A liderança só tem sentido se for exercida na fronteira da vida, na linha da frente que diz não aos ditadores, aos corruptos e aos narcisistas. Gostaria que essa fosse a linha diretriz que guiasse Roma, Nova Iorque, Bruxelas, Genebra, Adis Abeba e outras partes do mundo, onde se acredita na democracia, na cooperação entre os países e numa solução cooperativa para os problemas globais. Claro que deveria ser igualmente válida em Beijing, Moscovo e Washington – e essa aspiração não pode ser vista como impossível.

A Assembleia Geral das Nações Unidas poderá ser comparada, embora imperfeitamente, ao Conclave de Roma. Deve ter como objetivo fundamental a globalização da solidariedade. Ou, dito de outra maneira, promover o progresso e evitar a competição desregulada entre os Estados.

Os defensores da teoria do realismo político pertencem ao passado. As armas e a tecnologia de hoje já não permitem essa opção. Com a capacidade destrutiva que existe atualmente, essa teoria levaria pura e simplesmente à multiplicação de tragédias como a de Gaza e a crimes de agressão, como acontece há anos na Ucrânia. Quem pensa nas relações internacionais em termos de força finge não perceber o mundo em que nos encontramos. Ou então, acredita que o nosso planeta só serve para o benefício de umas dúzias de privilegiados.

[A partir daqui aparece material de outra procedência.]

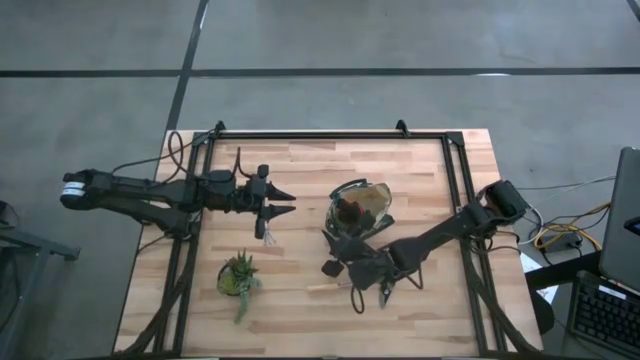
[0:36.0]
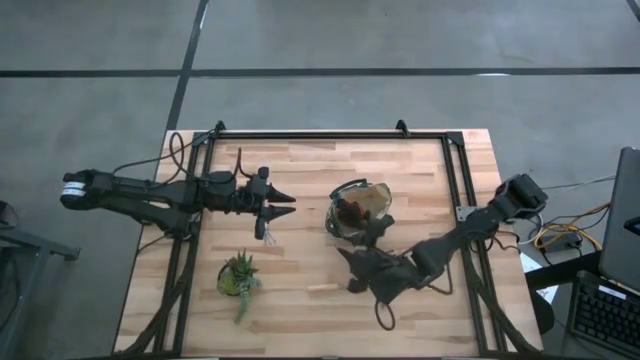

Nesse contexto, o Conclave em Roma e outros esforços conjuntos de boa vontade devem ter como objetivo compreender, explicar e resolver os desafios atuais. Assim se barra o passo e expulsa do poder os retrógrados, os criminosos políticos e os utopistas do infantilismo social, e se reforça o equilíbrio, o bom-senso e o respeito pelos valores universais e pela paz.

Conselheiro em segurança internacional.